“Over the past weeks, the security situation in eastern DRC has deteriorated dramatically”, said Special Representative Bintou Keita, noting that since October, the M23 rebel group had resumed hostilities and extended its control in North Kivu province.
In response, MONUSCO has continued to provide operational, logistical, and tactical support both to the Congolese armed forces and national police in confronting M23 and other armed groups.
Robust patrols have been conducted in and around Goma to protect civilians and deter M23 from advancing further towards the city, she said.
And the Mission added more community alert networks in vulnerable areas.
The MONUSCO chief described “gravely concerning” allegations of human rights abuses by M23 combatants in Kishishe and Bambo, Rutshuru territory, and in North Kivu, in which at least 102 men, 17 women and 12 children were “either shot dead or killed by bladed weapons”.
Moreover, she continued, M23 combatants raped at least 22 women, destroyed four schools and occupied two others.
“I call on this Council to condemn these crimes with the utmost severity…[and] demand the immediate release of the survivors that were prevented from leaving the area by the M23”, she underscored.
“Those responsible for these and other atrocities against the civilian population must be prosecuted nationally or internationally”.
Crimes impact UN operations
The deteriorating security situation also poses risks for MONUSCO operations.
The senior UN official referred to an armed attack on the Mission’s base in Minembwe, South Kivu, that took the life of a peacekeeper in September.
“I condemn this attack, the perpetrators of which must be prosecuted with the greatest firmness”, she spelled out.
Ongoing humanitarian crisis
Ms. Keita cited armed groups as a major reason why DRC hosts the highest number of internally displaced persons in Africa.
“An estimated additional 370,000 people have been uprooted and forced from their homes in the latest round of hostilities, involving the M23”, she continued, adding that inter-communal violence in the western provinces have also led to the displacement of over 50,000, mostly women and children.

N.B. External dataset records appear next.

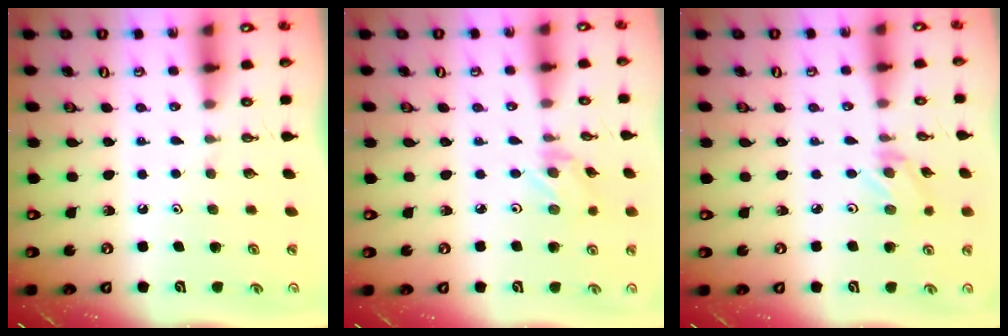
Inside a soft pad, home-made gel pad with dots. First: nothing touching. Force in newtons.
{"total": 1.5, "press": 1.4, "slide": 0.3}
{"total": 2.1, "press": 2.0, "slide": 0.4}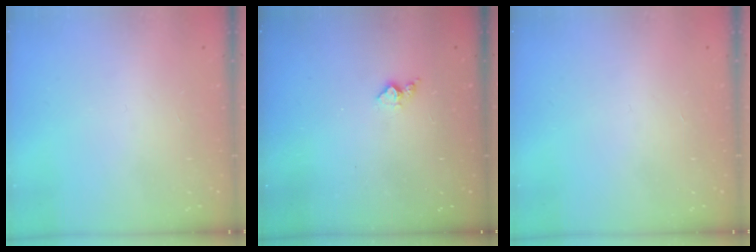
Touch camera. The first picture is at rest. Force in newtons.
{"total": 5.2, "press": 5.1, "slide": 0.5}
{"total": 0.0}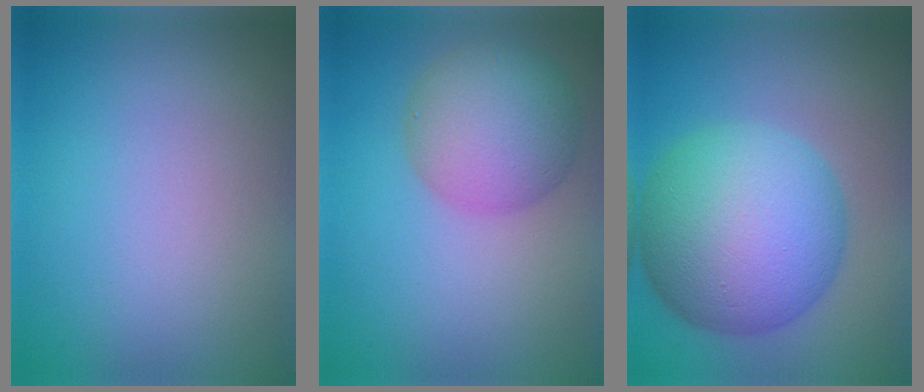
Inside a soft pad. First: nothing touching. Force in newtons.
{"total": 5.8, "press": 5.8, "slide": 0.2}
{"total": 12.4, "press": 12.4, "slide": 0.1}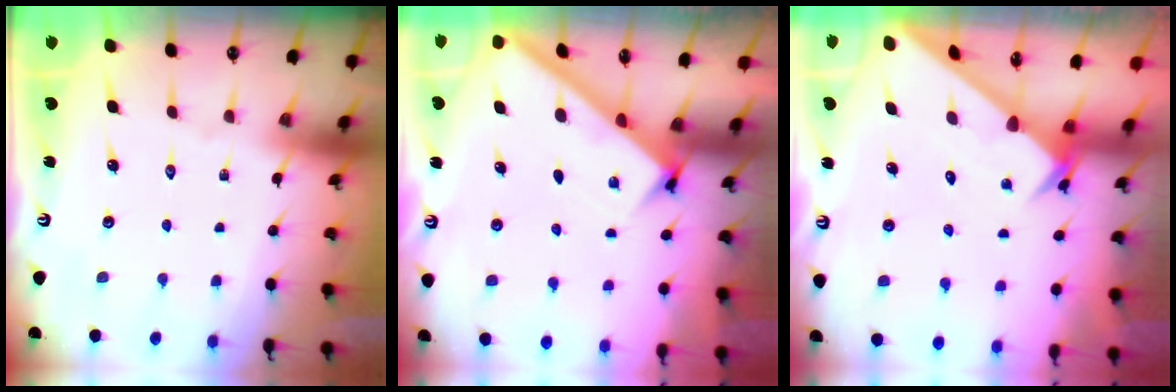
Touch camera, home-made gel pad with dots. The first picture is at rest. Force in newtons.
{"total": 2.6, "press": 2.6, "slide": 0.3}
{"total": 2.4, "press": 2.4, "slide": 0.2}

“In this dangerous environment, and despite persistent access constraints…humanitarian actors continue to deliver indispensable aid and lifesaving services”, the MONUSCO chief continued, urging partners to “actively continue supporting” the Humanitarian Response and North Kivu response plans.
Diplomacy at work
The senior UN official updated on intensified regional initiatives supporting the Luanda Roadmap as well as progress made in the context of the Nairobi Process.

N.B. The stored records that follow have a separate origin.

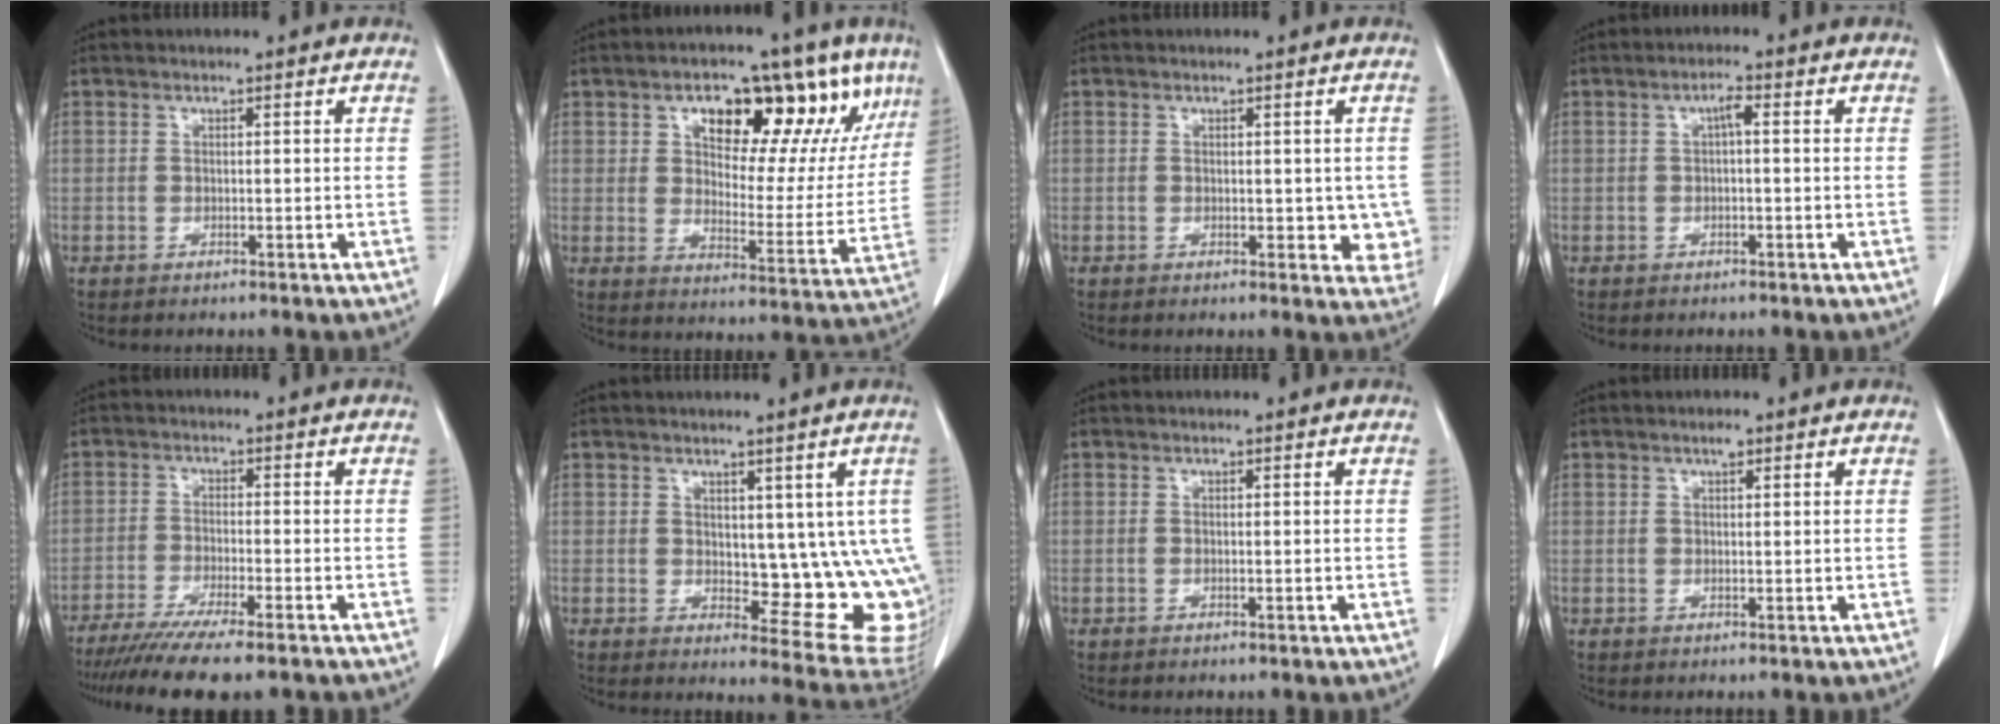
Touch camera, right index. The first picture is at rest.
{"total": 18.7, "force": [10.1, 8.7, 13.1], "torque": [-0.170, 0.023, 0.149]}
{"total": 4.2, "force": [-0.3, 2.4, 3.4], "torque": [-0.019, -0.004, -0.003]}
{"total": 1.9, "force": [0.2, 0.4, 1.8], "torque": [-0.032, 0.005, 0.004]}
{"total": 12.3, "force": [-10.2, 0.4, 6.9], "torque": [-0.094, -0.028, -0.159]}
{"total": 10.4, "force": [1.8, 5.2, 8.9], "torque": [-0.085, -0.013, 0.033]}
{"total": 0.0}
{"total": 1.0, "force": [0.6, 0.3, 0.6], "torque": [-0.013, 0.002, 0.010]}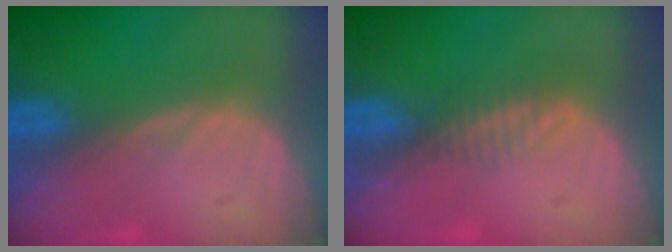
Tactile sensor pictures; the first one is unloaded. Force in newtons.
{"total": 1.7, "press": 1.4, "slide": 1.0}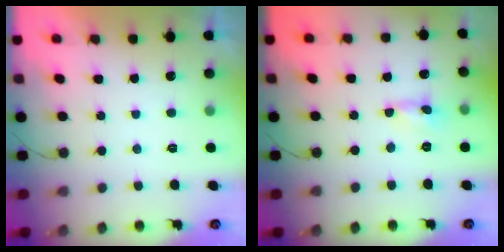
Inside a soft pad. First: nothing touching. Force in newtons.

“Since April 2022, the Mission has provided political, technical, and logistical support to the joint DRC-Kenya Secretariat” to hold consultations between the Government and Congolese armed groups, she said.

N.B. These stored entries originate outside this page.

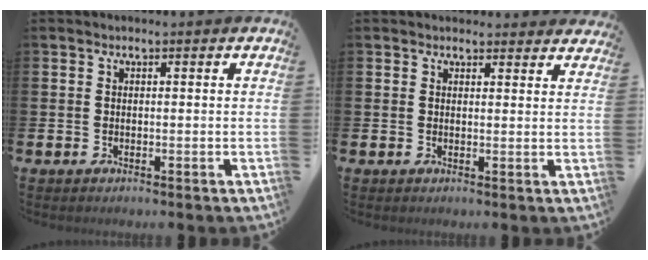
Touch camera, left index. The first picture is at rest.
{"total": 2.1, "force": [2.0, 0.5, -0.2], "torque": [0.015, -0.012, 0.034]}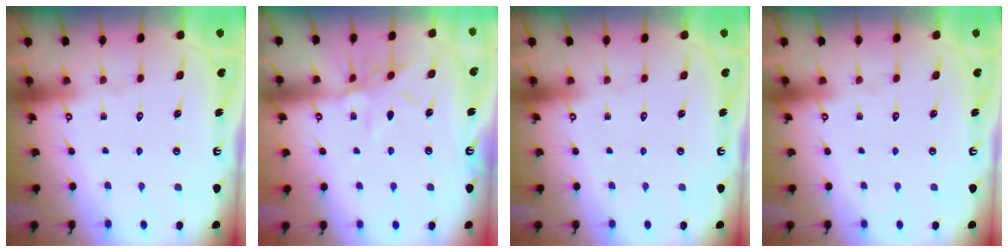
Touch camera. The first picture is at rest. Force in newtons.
{"total": 8.5, "press": 8.5, "slide": 0.5}
{"total": 0.0}
{"total": 0.0}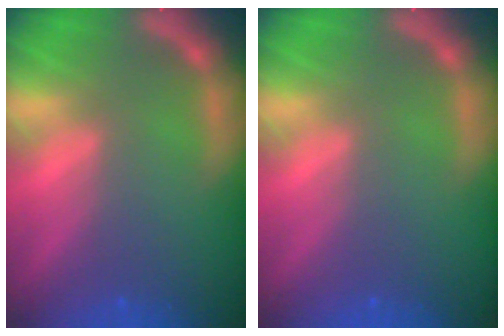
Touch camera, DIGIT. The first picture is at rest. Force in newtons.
{"total": 0.0}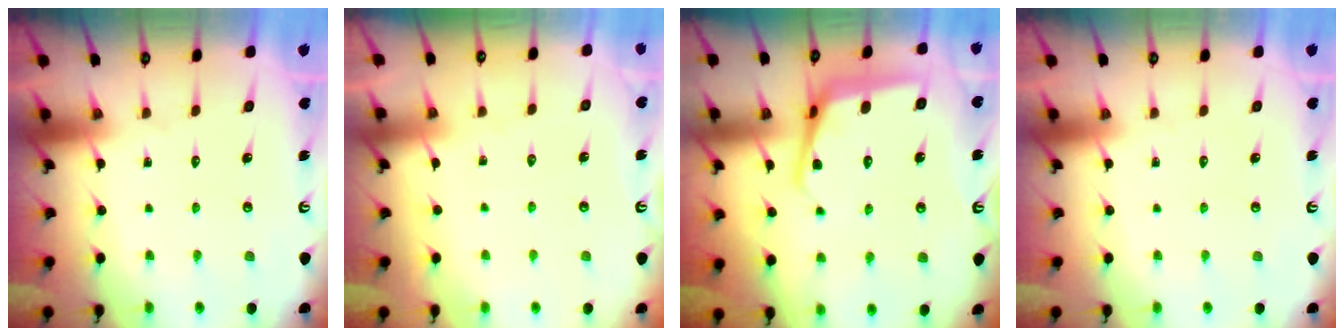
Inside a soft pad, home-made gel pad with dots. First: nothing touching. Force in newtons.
{"total": 1.8, "press": 1.8, "slide": 0.3}
{"total": 8.9, "press": 8.9, "slide": 0.8}
{"total": 0.0}

Ms. Keita informed the ambassadors of a Mini Summit held last month in Luanda, during which an agreement was made on measures to address the situation in eastern DRC that envisions an operational role for MONUSCO, in coordination with the East African Community (EAC) Regional Force and the ad hoc verification mechanism.
“First and foremost, the M23 must cease all hostilities and withdraw from occupied areas in accordance with the roadmap set out in the Final Communiqué of the Luanda Mini Summit”, she said, adding that the DRC Government had formally requested MONUSCO’s involvement in implementing the communiqué.
“I reiterate the Mission’s readiness to leverage the capabilities at its disposal in support of the regional peace initiatives underway…[and] look forward to engaging further with the DRC Government and regional partners to define the Mission’s role in efforts to translate the decisions taken in the framework of the Luanda and Nairobi into reality on the ground”, she concluded.